Transactional Consumer Configuration

Consumer needs to set isolation level to only read committed transaction messages:

// read_committed: Only read committed messages (ignore uncommitted/rolled back)
// read_uncommitted: Read all messages (default, including uncommitted)
props.put(ConsumerConfig.ISOLATION_LEVEL_CONFIG, "read_committed");

End-to-End Exactly-Once (EOS)

Complete end-to-end EOS = Idempotent Producer + Transaction + Consumer offset atomic commit.

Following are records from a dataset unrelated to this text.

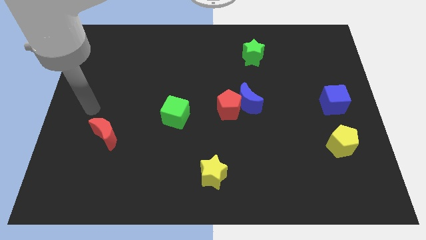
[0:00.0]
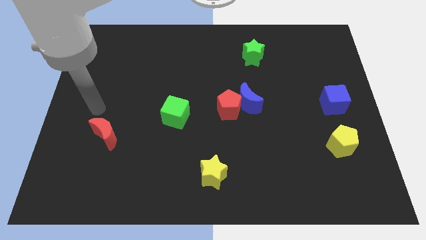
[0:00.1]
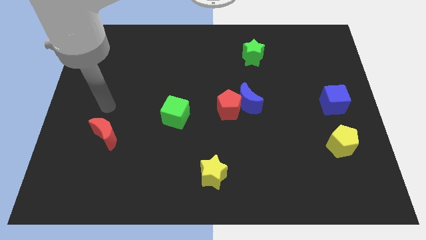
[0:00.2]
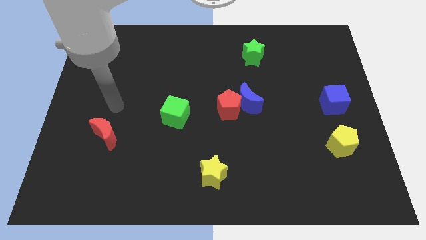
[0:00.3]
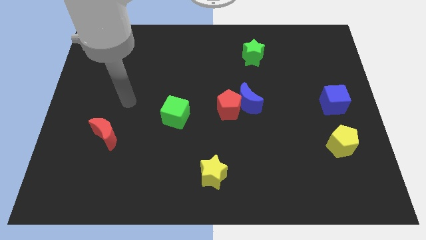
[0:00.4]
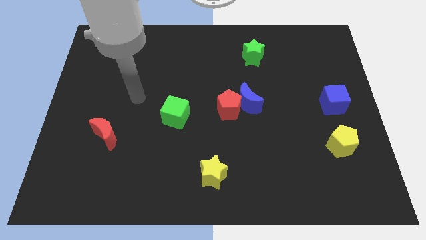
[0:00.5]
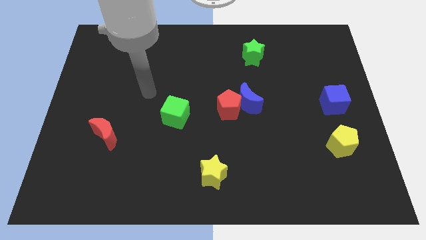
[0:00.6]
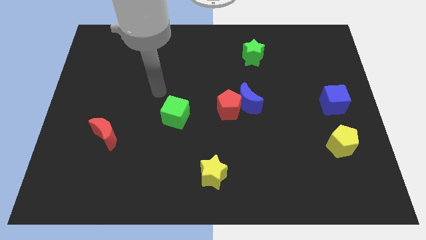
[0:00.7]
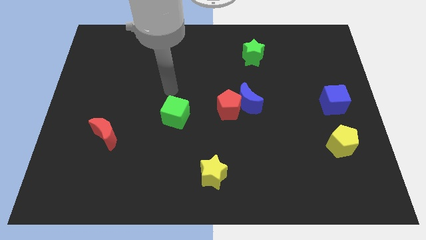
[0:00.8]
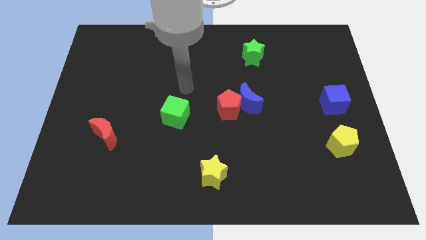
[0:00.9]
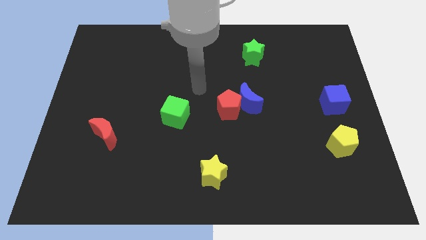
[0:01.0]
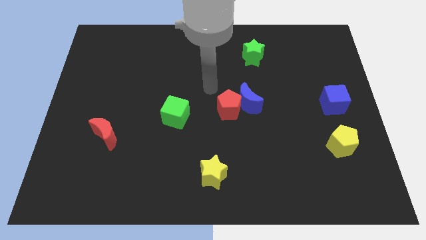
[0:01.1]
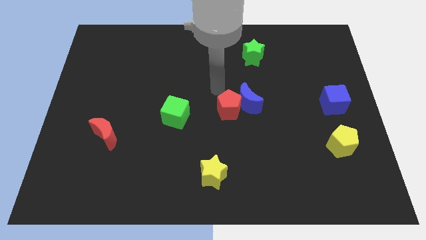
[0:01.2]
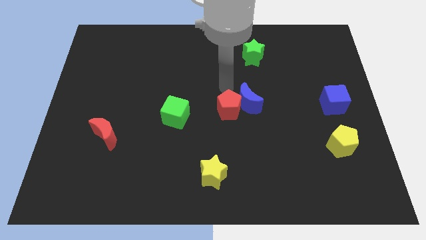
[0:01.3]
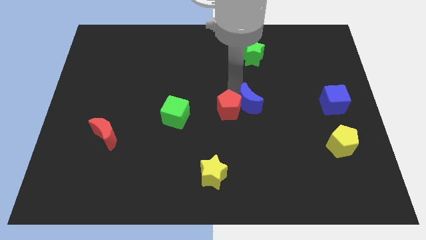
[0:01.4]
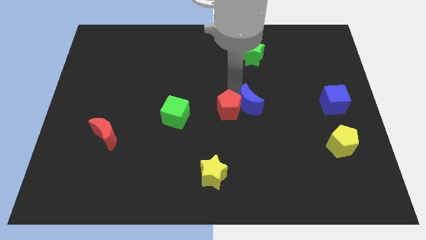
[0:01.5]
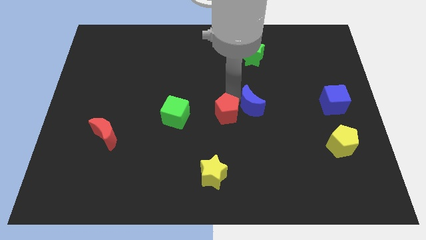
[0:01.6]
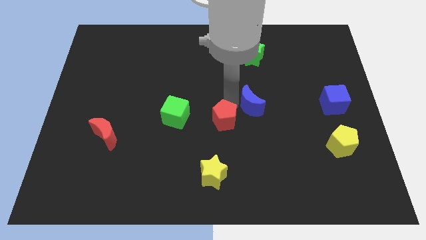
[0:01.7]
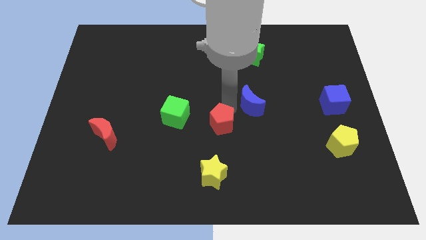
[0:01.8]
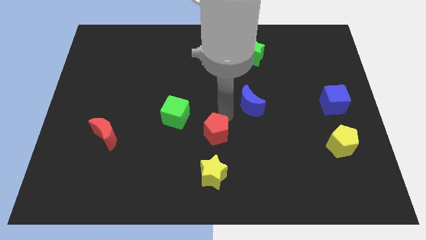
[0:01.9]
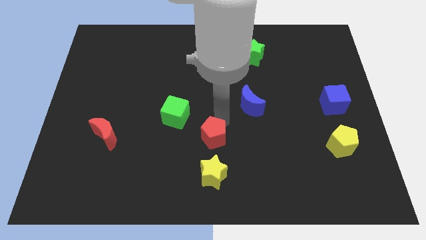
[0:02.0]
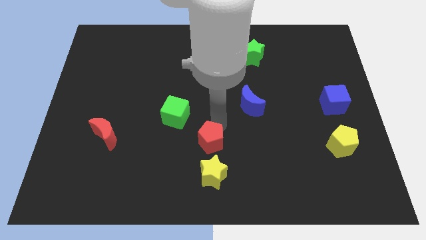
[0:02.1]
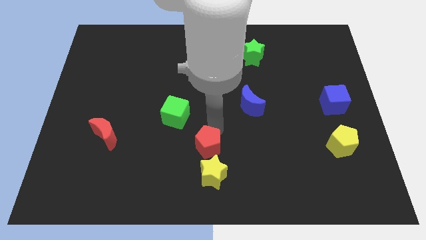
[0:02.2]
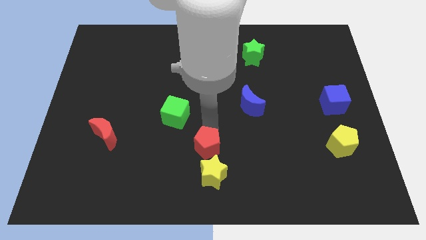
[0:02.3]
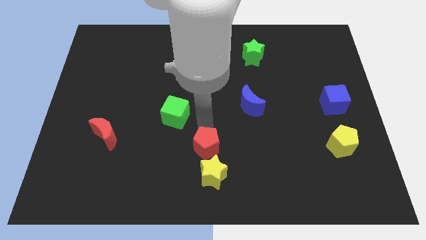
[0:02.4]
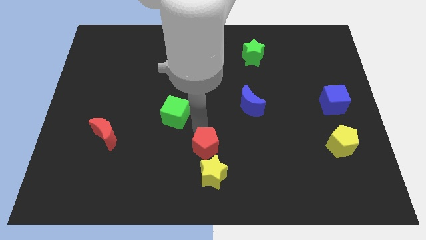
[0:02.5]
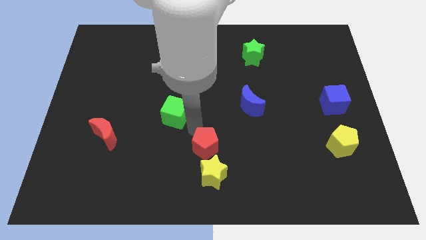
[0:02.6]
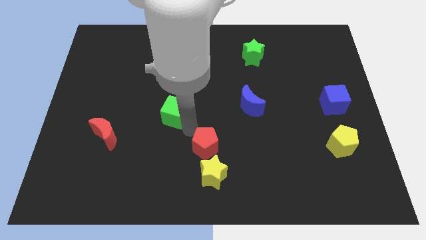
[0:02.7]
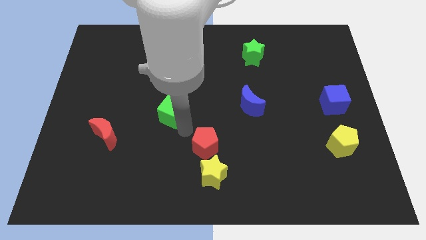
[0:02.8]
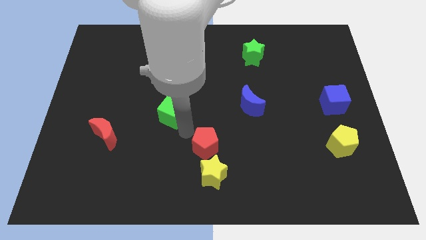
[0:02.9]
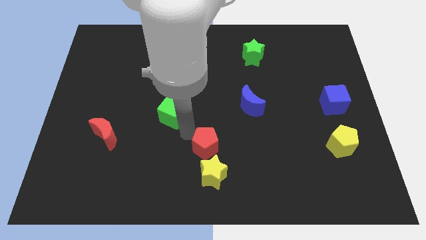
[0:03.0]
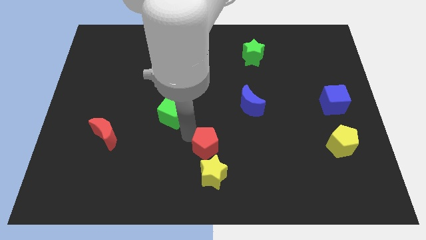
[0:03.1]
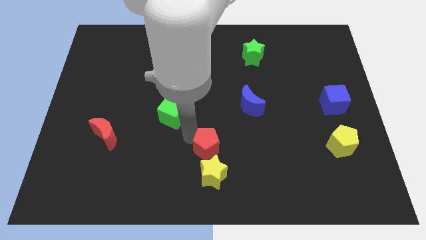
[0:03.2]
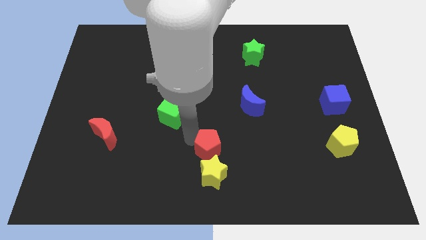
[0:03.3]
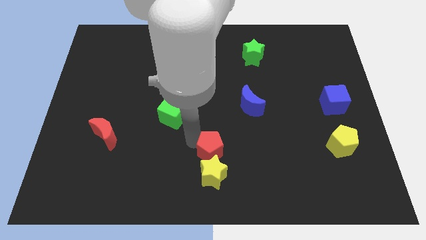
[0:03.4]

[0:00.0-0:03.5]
move the red pentagon close to the yellow star

Typical “read-process-write” pattern (Consume-Transform-Produce):

producer.initTransactions();

while (true) {
    ConsumerRecords<String, String> records = consumer.poll(Duration.ofMillis(100));

    if (!records.isEmpty()) {
        producer.beginTransaction();

        try {
            for (ConsumerRecord<String, String> record : records) {
                // Business processing
                String result = process(record.value());
                producer.send(new ProducerRecord<>("output-topic", record.key(), result));
            }

            // Commit consumer offset as part of transaction
            // Ensures atomicity of message processing and offset commit
            Map<TopicPartition, OffsetAndMetadata> offsets = new HashMap<>();
            for (TopicPartition partition : records.partitions()) {
                List<ConsumerRecord<String, String>> partRecords = records.records(partition);
                long lastOffset = partRecords.get(partRecords.size() - 1).offset();
                offsets.put(partition, new OffsetAndMetadata(lastOffset + 1));
            }
            producer.sendOffsetsToTransaction(offsets, consumer.groupMetadata());

            producer.commitTransaction();
        } catch (Exception e) {
            producer.abortTransaction();
        }
    }
}

Using sendOffsetsToTransaction() to include consumer offset commit in transaction ensures even if Producer crashes, after restart it won’t duplicate process or miss messages, achieving true end-to-end Exactly-Once semantics.

Summary

MechanismProblem SolvedApplicable Scope
Idempotent ProducerDeduplication within single partition/sessionSimple retry scenarios
TransactionsCross-partition, cross-session atomic writesMulti-partition writes, ETL pipelines
EOS (Idempotence + transactions + atomic offset commit)End-to-end Exactly-OnceStream processing, financial transactions

Kafka’s Exactly-Once implementation costs performance overhead: transactions introduce extra coordination rounds and log writes. In scenarios requiring extremely high data consistency, this cost is worthwhile.